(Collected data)
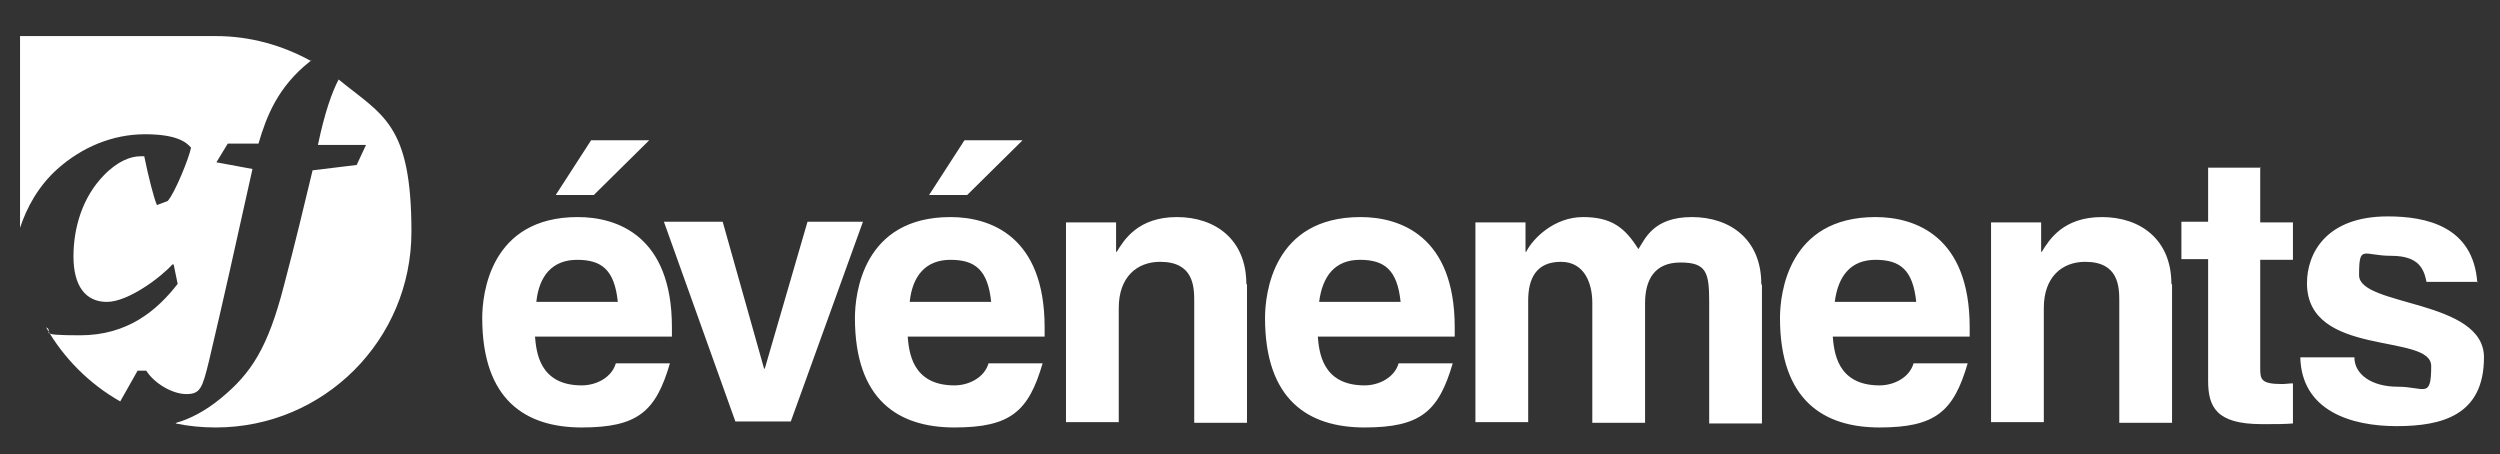 <?xml version="1.0" encoding="UTF-8"?>
<svg xmlns="http://www.w3.org/2000/svg" version="1.1" viewBox="0 0 374.3 68">
  <rect x="0" y="0" width="374.3" height="68" fill="#333333" stroke="none"/>
  <!-- Generator: Adobe Illustrator 29.2.0, SVG Export Plug-In . SVG Version: 2.1.0 Build 108)  -->
  <defs>
    <style>
      .st0 {
        fill: none;
      }

      .st1 {
        fill: #221f20;
      }

      .st2 {
        fill: #fff;
      }

      .st3 {
        display: none;
      }
    </style>
  </defs>
  <g id="Calque_2" class="st3">
    <rect class="st1" x="-110.2" y="-121.2" width="595.3" height="311.8"/>
    <rect class="st0" x="-110.2" y="-121.2" width="595.3" height="311.8"/>
  </g>
  <g id="Calque_1">
    <g>
      <path class="st2" d="M370.9,42.3c-.6-8.4-7.6-9.9-13.4-9.9-9.3,0-12.1,5.6-12.1,10,0,11.2,18.6,7.4,18.6,12.4s-1,3.1-5,3.1-6.5-1.9-6.5-4.4h-8.1c.2,8,7.6,10.3,14.4,10.3s13.1-1.6,13.1-10.3-18.7-7.6-18.7-12.3.6-2.9,4.8-2.9,4.9,2,5.3,3.9h7.7ZM338.5,25.1h-7.9v8.1h-4v5.6h4v18.2c0,3.9,1.2,6.5,8,6.5h1c1.2,0,2.5,0,3.7-.1v-6c-.6,0-1.1.1-1.6.1-3.2,0-3.3-.7-3.3-2.4v-16.2h4.9v-5.6h-4.9v-8.1ZM325.1,42.5c0-6.6-4.6-10-10.4-10s-7.9,3.4-9,5.2h-.1v-4.4h-7.5v29.9h7.9v-17.1c0-4.6,2.7-6.9,6.2-6.9,5,0,5.1,3.7,5.1,5.9v18.2h7.9v-20.7ZM274.7,45.2c.5-3.9,2.4-6.3,6.1-6.3s5.6,1.5,6.1,6.3h-12.2ZM286.5,54.4c-.6,2.1-2.9,3.3-5.1,3.3-6.4,0-6.8-5.1-7-7.3h20.5v-1.4c0-13.7-8.2-16.5-14.1-16.5-13.1,0-14.3,11.5-14.3,15.1,0,12.3,6.5,16.4,14.9,16.4s11.1-2.4,13.2-9.6h-8.1ZM263.7,42.5c0-6.6-4.6-10-10.4-10s-7,3.3-8,4.8c-2-3.2-4-4.8-8.3-4.8s-7.5,3.2-8.5,5.2h-.1v-4.4h-7.5v29.9h7.9v-18.2c0-3.3,1.2-5.8,4.9-5.8s4.7,3.5,4.7,6.1v18h7.9v-17.9c0-3.5,1.4-6.1,5.3-6.1s4.3,1.5,4.3,5.9v18.2h7.9v-20.7ZM197.5,45.2c.5-3.9,2.4-6.3,6.1-6.3s5.6,1.5,6.1,6.3h-12.2ZM209.4,54.4c-.6,2.1-2.9,3.3-5.1,3.3-6.4,0-6.8-5.1-7-7.3h20.5v-1.4c0-13.7-8.2-16.5-14.1-16.5-13.1,0-14.3,11.5-14.3,15.1,0,12.3,6.5,16.4,14.9,16.4s11.1-2.4,13.2-9.6h-8.1ZM186.6,42.5c0-6.6-4.6-10-10.4-10s-7.9,3.4-9,5.2h-.1v-4.4h-7.5v29.9h7.9v-17.1c0-4.6,2.7-6.9,6.2-6.9,5,0,5.1,3.7,5.1,5.9v18.2h7.9v-20.7ZM136.2,45.2c.4-3.9,2.4-6.3,6.1-6.3s5.6,1.5,6.1,6.3h-12.2ZM148,54.4c-.6,2.1-2.9,3.3-5.1,3.3-6.4,0-6.8-5.1-7-7.3h20.5v-1.4c0-13.7-8.2-16.5-14.1-16.5-13.1,0-14.3,11.5-14.3,15.1,0,12.3,6.5,16.4,14.9,16.4s11.1-2.4,13.2-9.6h-8.1ZM153.1,21h-8.7l-5.3,8.2h5.7l8.3-8.2ZM129.3,33.2h-8.4l-6.4,22h-.1l-6.2-22h-8.8l10.7,29.9h8.3l10.8-29.9ZM80.3,45.2c.4-3.9,2.4-6.3,6.1-6.3s5.6,1.5,6.1,6.3h-12.2ZM92.2,54.4c-.6,2.1-2.9,3.3-5.1,3.3-6.4,0-6.8-5.1-7-7.3h20.5v-1.4c0-13.7-8.2-16.5-14.1-16.5-13.1,0-14.3,11.5-14.3,15.1,0,12.3,6.5,16.4,14.9,16.4s11.1-2.4,13.2-9.6h-8.1ZM97.2,21h-8.7l-5.3,8.2h5.7l8.3-8.2Z"/>
      <path class="st2" d="M26.3,63.4c1.9.4,3.9.6,6,.6,16.2,0,29.3-13.1,29.3-29.3s-4.3-17.4-10.9-22.8c-1,1.9-2.1,5-3.1,9.8h7.2l-1.4,3-6.6.8c-1.4,5.8-2.4,10.1-4.3,17.3-2.4,9.3-4.9,13.1-9.4,16.8-2.3,1.9-4.6,3.1-6.7,3.7M46.5,9.1c-4.2-2.3-9-3.7-14.2-3.7s-1.2,0-1.8,0H3v27.5c0,.4,0,.8,0,1.2,1-3,2.7-6.2,5.6-8.8,3.7-3.3,8.3-5.2,13.1-5.2s6.2,1.2,6.9,2c-.2,1.3-2.4,6.8-3.5,8l-1.6.6c-.4-.8-1.3-4.3-1.9-7.3-.1,0-.4,0-.6,0-1.4,0-3.4.7-5.5,2.9-3.1,3.2-4.5,7.7-4.5,12.1s1.8,6.8,5,6.8,8.1-3.7,9.8-5.6h.2l.6,2.9c-3.1,4-7.5,7.7-14.6,7.7s-3.7-.5-5.1-1.2c2.6,4.6,6.5,8.5,11.1,11.1l2.6-4.6h1.3c1.2,1.9,3.9,3.5,6,3.5s2.4-.9,3.4-5c2.4-10.2,3.5-15.2,6.5-28.7l-5.4-1,1.7-2.8h4.6c1.2-4.1,2.9-8.5,7.7-12.3,0,0,.2-.1.3-.2"/>
    </g>
  </g>
</svg>

What this task involves = An exact, image-free transcription of all the records above is needed.

Task solution =
 <?xml version="1.0" encoding="UTF-8"?>
<svg xmlns="http://www.w3.org/2000/svg" version="1.1" viewBox="0 0 374.3 68">
  <rect x="0" y="0" width="374.3" height="68" fill="#333333" stroke="none"/>
  <!-- Generator: Adobe Illustrator 29.2.0, SVG Export Plug-In . SVG Version: 2.1.0 Build 108)  -->
  <defs>
    <style>
      .st0 {
        fill: none;
      }

      .st1 {
        fill: #221f20;
      }

      .st2 {
        fill: #fff;
      }

      .st3 {
        display: none;
      }
    </style>
  </defs>
  <g id="Calque_2" class="st3">
    <rect class="st1" x="-110.2" y="-121.2" width="595.3" height="311.8"/>
    <rect class="st0" x="-110.2" y="-121.2" width="595.3" height="311.8"/>
  </g>
  <g id="Calque_1">
    <g>
      <path class="st2" d="M370.9,42.3c-.6-8.4-7.6-9.9-13.4-9.9-9.3,0-12.1,5.6-12.1,10,0,11.2,18.6,7.4,18.6,12.4s-1,3.1-5,3.1-6.5-1.9-6.5-4.4h-8.1c.2,8,7.6,10.3,14.4,10.3s13.1-1.6,13.1-10.3-18.7-7.6-18.7-12.3.6-2.9,4.8-2.9,4.9,2,5.3,3.9h7.7ZM338.5,25.1h-7.9v8.1h-4v5.6h4v18.2c0,3.9,1.2,6.5,8,6.5h1c1.2,0,2.5,0,3.7-.1v-6c-.6,0-1.1.1-1.6.1-3.2,0-3.3-.7-3.3-2.4v-16.2h4.9v-5.6h-4.9v-8.1ZM325.1,42.5c0-6.6-4.6-10-10.4-10s-7.9,3.4-9,5.2h-.1v-4.4h-7.5v29.9h7.9v-17.1c0-4.6,2.7-6.9,6.2-6.9,5,0,5.1,3.7,5.1,5.9v18.2h7.9v-20.7ZM274.7,45.2c.5-3.9,2.4-6.3,6.1-6.3s5.6,1.5,6.1,6.3h-12.2ZM286.5,54.4c-.6,2.1-2.9,3.3-5.1,3.3-6.4,0-6.8-5.1-7-7.3h20.5v-1.4c0-13.7-8.2-16.5-14.1-16.5-13.1,0-14.3,11.5-14.3,15.1,0,12.3,6.5,16.4,14.9,16.4s11.1-2.4,13.2-9.6h-8.1ZM263.7,42.5c0-6.6-4.6-10-10.4-10s-7,3.3-8,4.8c-2-3.2-4-4.8-8.3-4.8s-7.5,3.2-8.5,5.2h-.1v-4.4h-7.5v29.9h7.9v-18.2c0-3.3,1.2-5.8,4.9-5.8s4.7,3.5,4.7,6.1v18h7.9v-17.9c0-3.5,1.4-6.1,5.3-6.1s4.3,1.5,4.3,5.9v18.2h7.9v-20.7ZM197.5,45.2c.5-3.9,2.4-6.3,6.1-6.3s5.6,1.5,6.1,6.3h-12.2ZM209.4,54.4c-.6,2.1-2.9,3.3-5.1,3.3-6.4,0-6.8-5.1-7-7.3h20.5v-1.4c0-13.7-8.2-16.5-14.1-16.5-13.1,0-14.3,11.5-14.3,15.1,0,12.3,6.5,16.4,14.9,16.4s11.1-2.4,13.2-9.6h-8.1ZM186.6,42.5c0-6.6-4.6-10-10.4-10s-7.9,3.4-9,5.2h-.1v-4.4h-7.5v29.9h7.9v-17.1c0-4.6,2.7-6.9,6.2-6.9,5,0,5.1,3.7,5.1,5.9v18.2h7.9v-20.7ZM136.2,45.2c.4-3.9,2.4-6.3,6.1-6.3s5.6,1.5,6.1,6.3h-12.2ZM148,54.4c-.6,2.1-2.9,3.3-5.1,3.3-6.4,0-6.8-5.1-7-7.3h20.5v-1.4c0-13.7-8.2-16.5-14.1-16.5-13.1,0-14.3,11.5-14.3,15.1,0,12.3,6.5,16.4,14.9,16.4s11.1-2.4,13.2-9.6h-8.1ZM153.1,21h-8.7l-5.3,8.2h5.7l8.3-8.2ZM129.3,33.2h-8.4l-6.4,22h-.1l-6.2-22h-8.8l10.7,29.9h8.3l10.8-29.9ZM80.3,45.2c.4-3.9,2.4-6.3,6.1-6.3s5.6,1.5,6.1,6.3h-12.2ZM92.2,54.4c-.6,2.1-2.9,3.3-5.1,3.3-6.4,0-6.8-5.1-7-7.3h20.5v-1.4c0-13.7-8.2-16.5-14.1-16.5-13.1,0-14.3,11.5-14.3,15.1,0,12.3,6.5,16.4,14.9,16.4s11.1-2.4,13.2-9.6h-8.1ZM97.2,21h-8.7l-5.3,8.2h5.7l8.3-8.2Z"/>
      <path class="st2" d="M26.3,63.4c1.9.4,3.9.6,6,.6,16.2,0,29.3-13.1,29.3-29.3s-4.3-17.4-10.9-22.8c-1,1.9-2.1,5-3.1,9.8h7.2l-1.4,3-6.6.8c-1.4,5.8-2.4,10.1-4.3,17.3-2.4,9.3-4.9,13.1-9.4,16.8-2.3,1.9-4.6,3.1-6.7,3.7M46.5,9.1c-4.2-2.3-9-3.7-14.2-3.7s-1.2,0-1.8,0H3v27.5c0,.4,0,.8,0,1.2,1-3,2.7-6.2,5.6-8.8,3.7-3.3,8.3-5.2,13.1-5.2s6.2,1.2,6.9,2c-.2,1.3-2.4,6.8-3.5,8l-1.6.6c-.4-.8-1.3-4.3-1.9-7.3-.1,0-.4,0-.6,0-1.4,0-3.4.7-5.5,2.9-3.1,3.2-4.5,7.7-4.5,12.1s1.8,6.8,5,6.8,8.1-3.7,9.8-5.6h.2l.6,2.9c-3.1,4-7.5,7.7-14.6,7.7s-3.7-.5-5.1-1.2c2.6,4.6,6.5,8.5,11.1,11.1l2.6-4.6h1.3c1.2,1.9,3.9,3.5,6,3.5s2.4-.9,3.4-5c2.4-10.2,3.5-15.2,6.5-28.7l-5.4-1,1.7-2.8h4.6c1.2-4.1,2.9-8.5,7.7-12.3,0,0,.2-.1.3-.2"/>
    </g>
  </g>
</svg>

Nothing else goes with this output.